What is the Vegas line?
Let’s start with an example (my favorite example). In Super Bowl XXXII on January 25, 1998, the Vegas Line for the game between the Green Bay Packers and Denver Broncos was ‘Green Bay Packers -11.0’. This means that the Green Bay Packers were favored to win the game by 11 points. If you bet on Green Bay, then they had to beat the Denver Broncos by more than eleven points for you to win the bet. Alternatively, if you bet on the underdog Broncos, you would win if they won the game or lost by up to 11 points. The Broncos won the game by 7 points, thanks in part by John Elway’s infamous helicopter dive, so the actual line for the game was ‘Denver Broncos -7.0’, and so Las Vegas’s prediction was 18 points off.

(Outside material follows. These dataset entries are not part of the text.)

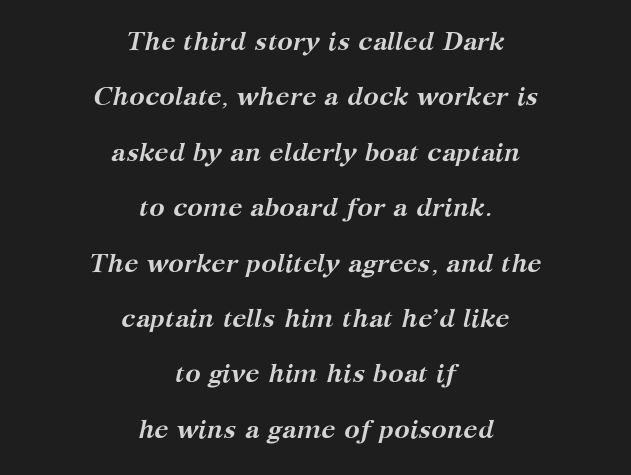
Layout note: lines centered. Plenty of ink on the page — the face is bold. Leading is clearly above the norm, producing a sparse column. The rendering keeps characters at their native spacing. The zone under the glyphs is completely vacant.
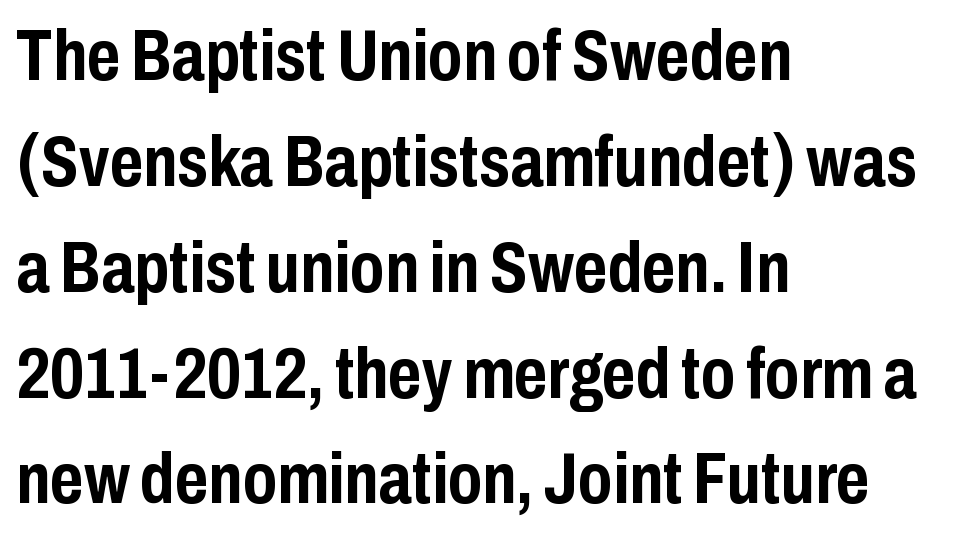
Q: Is the text bold? A: Yes.
Q: Is the text italic (slanted)? A: No, it is upright.
Q: Is the typeface a serif or a sans-serif typeface? A: Sans-serif.
Q: Is the text underlined? A: No.
Q: How is the paragraph aligned? A: Left-aligned.
Q: Is the spacing between letters normal or unusually wide? A: Normal.
Q: Is the spacing between lines tight, normal or loose? A: Normal.
Q: Width (condensed, normal, or wide)? A: Condensed.
Q: Stroke contrast? A: Low.
Q: x-height? A: Medium.
Q: Monospaced? A: No.
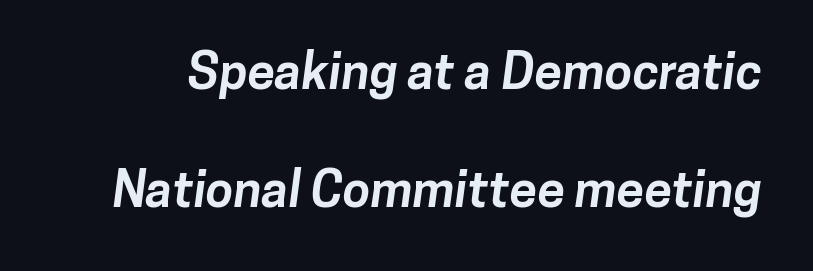
Tracking here is standard; glyphs follow each other at the usual distance. Whoever set this chose breathing room over compactness in the vertical rhythm. The face used here is a sans, in the tradition of grotesques and geometrics. Clear beneath every line of the passage. Varying glyph widths throughout — classic text-font behaviour.
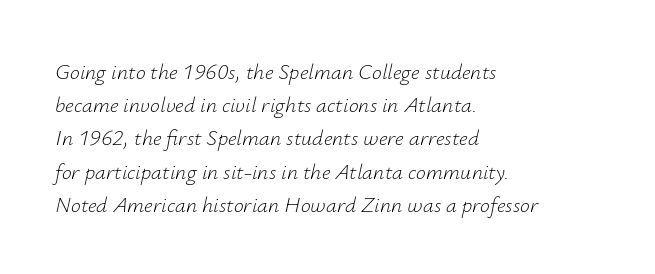
Q: Is the text bold? A: No.
Q: Is the text italic (slanted)? A: Yes, it leans right by about 12 degrees.
Q: Is the text underlined? A: No.
Q: How is the paragraph aligned? A: Left-aligned.
Q: Is the spacing between letters normal or unusually wide? A: Normal.
Q: Is the spacing between lines tight, normal or loose? A: Normal.
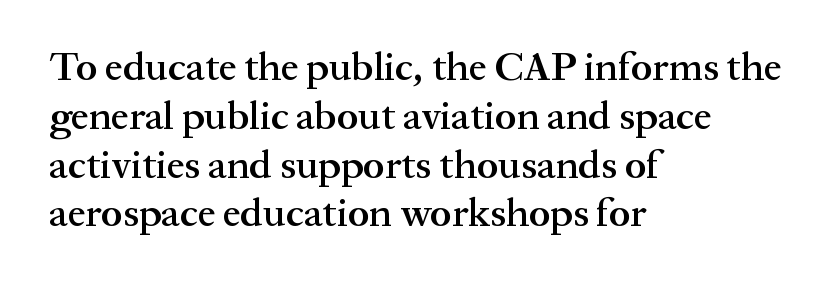
The image shows 40 px semibold serif type, upright; set left-aligned, line spacing 1.22x, normal letter spacing, not underlined; medium stroke contrast and a medium x-height.
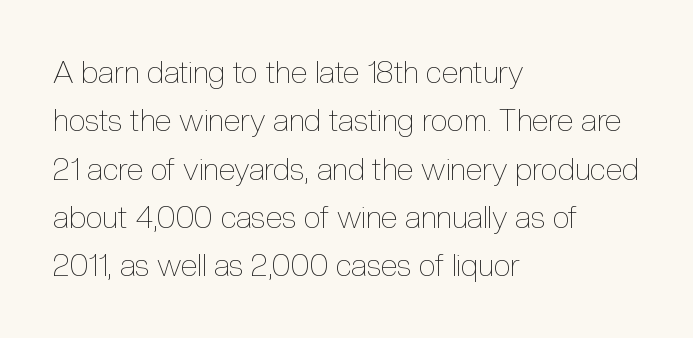
Q: Is the text bold? A: No.
Q: Is the text italic (slanted)? A: No, it is upright.
Q: Is the text underlined? A: No.
Q: How is the paragraph aligned? A: Left-aligned.
Q: Is the spacing between letters normal or unusually wide? A: Normal.
Q: Is the spacing between lines tight, normal or loose? A: Normal.
Q: Width (condensed, normal, or wide)? A: Condensed.
Q: x-height? A: Medium.
Q: Monospaced? A: No.
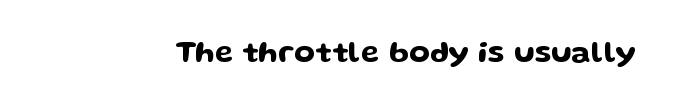
To sum up the face: it is a sans, with no serifs. Words appear dense and cohesive because spacing is normal. Ordinary non-slanted type is in use. The space directly below the letters is spotless. Looks like regular typesetting: each glyph gets only the width it needs.
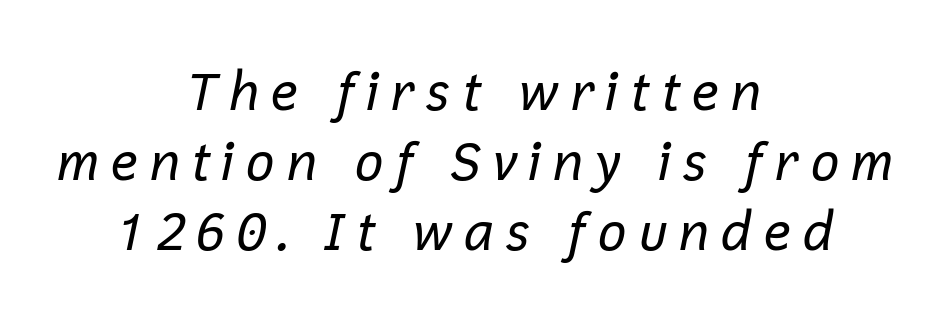
Q: Is the text bold? A: No.
Q: Is the text italic (slanted)? A: Yes, it leans right by about 12 degrees.
Q: Is the text underlined? A: No.
Q: How is the paragraph aligned? A: Centered.
Q: Is the spacing between lines tight, normal or loose? A: Normal.
Q: Width (condensed, normal, or wide)? A: Normal.
Q: Stroke contrast? A: Low.
Q: x-height? A: Medium.
Q: Monospaced? A: No.

In my model, I changed the line definition slightly for ease of use. I specified the line always in terms of the home team, so a negative value means that the home team is favored, and a positive value means they are the underdog. Thus, when I predict the line, I just predict a single value for the home team that can take on positive and negative values.
How Good is Vegas?
The following histogram shows how successful Las Vegas Lines have been from 2011-2014. As the figure shows, the data closely resembles a normal distribution. Negative x-values correspond to the Vegas favorite losing the spread, but not necessarily the game.
The figure below compares the Vegas Line for home teams to how the home team actually performs. For example, the point at (-10, -58) corresponds to the December 9, 2012 game between the Arizona Cardinals and the Seattle Seahawks. The Vegas Line was -10 for Seattle, but they actually won 58-0. Vegas correctly predicting the game would correspond to a dot along the dashed line labeled as the ‘Line of Perfect Prediction.’ The color values indicate density, and demonstrate that Vegas is very good at predicting close games.
One might assume that Las Vegas predictions are much worse at the beginning of the season and then improve as time goes on and more data is acquired. However, the figure below seems to contradict this intuition. There is very little correlation between the two, except for the low variance at the end of the season.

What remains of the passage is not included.